Results of these experiments show that the higher complexity of analysed data set is, the better outcomes from applying proposed technique are. VIS_RST algorithm indicates that three real-world data sets are the most complex: flare-F, zoo-3 and car-good. One of these data sets, namely flare-F, has nonempty boundary region. Method proposed in this paper outperformed other techniques for this complex example. In all experiments both SMOTE and VIS_RST achieve higher values of AUC measure than the classification without preprocessing step. Remove and Relabel filters perform better only in case of nonempty boundary region. Relabel technique may be considered as more effective. It is worth noting that all minority samples generated by the VIS_RST method were in the lower approximation. Therefore, undersampling cleaning step was not needed.

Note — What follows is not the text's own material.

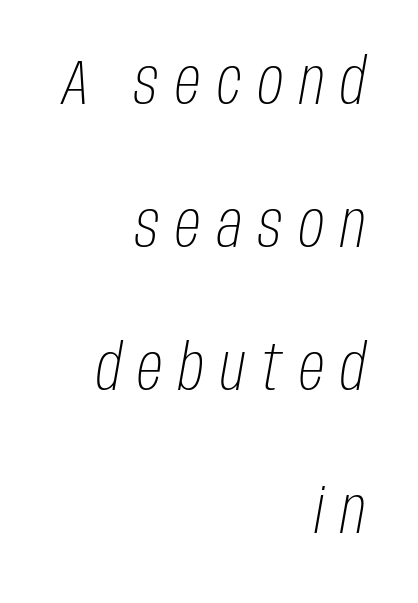
{"italic": "yes", "lean": "right", "slant_degrees": 10, "bold": "no", "weight": "light", "width": "condensed", "stroke_contrast": "low", "x_height": "large", "monospaced": "no", "underline": "no", "align": "right", "line_spacing": "loose", "line_spacing_ratio": 2.27, "letter_spacing": "wide", "letter_spacing_em": 0.26, "glyph_px": 63}
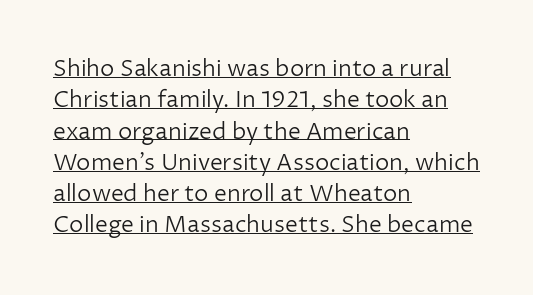
Typeset ragged right — the left edge is the straight one. No extra ink here — the face is not bold. This sample uses an upright cut, with every glyph sitting square on the baseline. In designer terms, the underline attribute is active on this setting.

4 Conclusions and Future Research

Firstly, the experiments revealed that the new VIS_RST method is comparable to the SMOTE algorithm when applied to data sets described only by the nominal features. The AUC measure of VIS_RST was higher for the flare-F data set. Proposed algorithm outperformed other techniques when evaluated data sets had nonempty boundary regions (flare-F and didactic). Secondly, the Relabel filtering technique performed better than the Remove approach for data set which has the nonempty boundary region (flare-F). In future research the performance of the proposed algorithm adjusted for the Big Data may be investigated. The application of the MapReduce paradigm [6] seems to be promising solution for large imbalance data problem.